_TASK MATERIAL_:
Segment Open
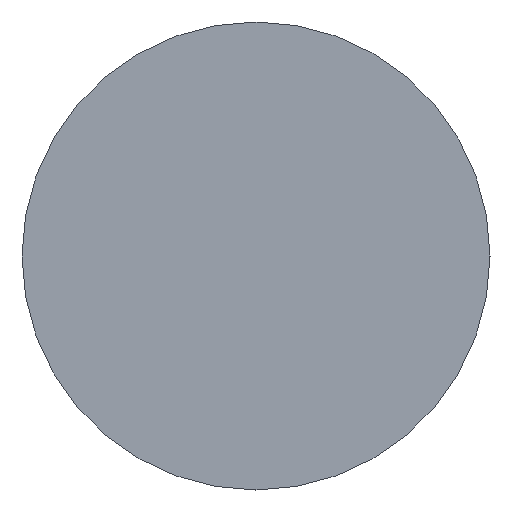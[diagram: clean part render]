
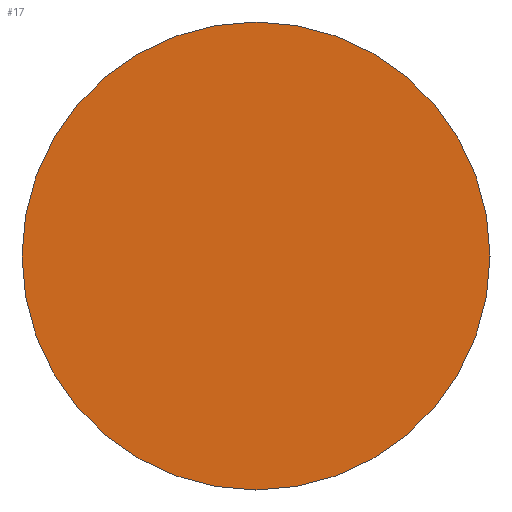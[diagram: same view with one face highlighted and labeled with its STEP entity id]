
A CAD part, left-side view. The second image highlights one B-rep face of the part: STEP entity #17.
In plain terms, the highlighted planar face has unit normal (-1, 0, 0).
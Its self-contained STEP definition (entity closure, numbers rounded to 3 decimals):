
#17 = ADVANCED_FACE ( 'NONE', ( #7250 ), #6923, .F. ) ;
#121 = EDGE_CURVE ( 'NONE', #7036, #7039, #7226, .T. ) ;
#188 = EDGE_CURVE ( 'NONE', #7039, #7036, #7195, .T. ) ;
#252 = AXIS2_PLACEMENT_3D ( 'NONE', #6921, #6909, #6910 ) ;
#312 = AXIS2_PLACEMENT_3D ( 'NONE', #2694, #2708, #2709 ) ;
#326 = AXIS2_PLACEMENT_3D ( 'NONE', #6782, #6792, #6793 ) ;
#2694 = CARTESIAN_POINT ( 'NONE',  ( -36., 0., 0. ) ) ;
#2708 = DIRECTION ( 'NONE',  ( -1., 0., 0. ) ) ;
#2709 = DIRECTION ( 'NONE',  ( 0., 0., 1. ) ) ;
#4992 = CARTESIAN_POINT ( 'NONE',  ( -36., 0., 3. ) ) ;
#4995 = CARTESIAN_POINT ( 'NONE',  ( -36., 0., -3. ) ) ;
#6782 = CARTESIAN_POINT ( 'NONE',  ( -36., 0., 0. ) ) ;
#6792 = DIRECTION ( 'NONE',  ( -1., 0., 0. ) ) ;
#6793 = DIRECTION ( 'NONE',  ( 0., 0., 1. ) ) ;
#6823 = ORIENTED_EDGE ( 'NONE', *, *, #188, .T. ) ;
#6836 = ORIENTED_EDGE ( 'NONE', *, *, #121, .T. ) ;
#6909 = DIRECTION ( 'NONE',  ( 1., 0., 0. ) ) ;
#6910 = DIRECTION ( 'NONE',  ( 0., 0., -1. ) ) ;
#6921 = CARTESIAN_POINT ( 'NONE',  ( -36., 3., 0. ) ) ;
#6923 = PLANE ( 'NONE',  #252 ) ;
#7036 = VERTEX_POINT ( 'NONE', #4992 ) ;
#7039 = VERTEX_POINT ( 'NONE', #4995 ) ;
#7195 = CIRCLE ( 'NONE', #312, 3. ) ;
#7226 = CIRCLE ( 'NONE', #326, 3. ) ;
#7250 = FACE_OUTER_BOUND ( 'NONE', #7423, .T. ) ;
#7423 = EDGE_LOOP ( 'NONE', ( #6836, #6823 ) ) ;
Segment Closed
Output the lines from the one with "#2709 = DIRECTION" through the end of the records above, exactly, including both ends, and nothing besides.

#2709 = DIRECTION ( 'NONE',  ( 0., 0., 1. ) ) ;
#4992 = CARTESIAN_POINT ( 'NONE',  ( -36., 0., 3. ) ) ;
#4995 = CARTESIAN_POINT ( 'NONE',  ( -36., 0., -3. ) ) ;
#6782 = CARTESIAN_POINT ( 'NONE',  ( -36., 0., 0. ) ) ;
#6792 = DIRECTION ( 'NONE',  ( -1., 0., 0. ) ) ;
#6793 = DIRECTION ( 'NONE',  ( 0., 0., 1. ) ) ;
#6823 = ORIENTED_EDGE ( 'NONE', *, *, #188, .T. ) ;
#6836 = ORIENTED_EDGE ( 'NONE', *, *, #121, .T. ) ;
#6909 = DIRECTION ( 'NONE',  ( 1., 0., 0. ) ) ;
#6910 = DIRECTION ( 'NONE',  ( 0., 0., -1. ) ) ;
#6921 = CARTESIAN_POINT ( 'NONE',  ( -36., 3., 0. ) ) ;
#6923 = PLANE ( 'NONE',  #252 ) ;
#7036 = VERTEX_POINT ( 'NONE', #4992 ) ;
#7039 = VERTEX_POINT ( 'NONE', #4995 ) ;
#7195 = CIRCLE ( 'NONE', #312, 3. ) ;
#7226 = CIRCLE ( 'NONE', #326, 3. ) ;
#7250 = FACE_OUTER_BOUND ( 'NONE', #7423, .T. ) ;
#7423 = EDGE_LOOP ( 'NONE', ( #6836, #6823 ) ) ;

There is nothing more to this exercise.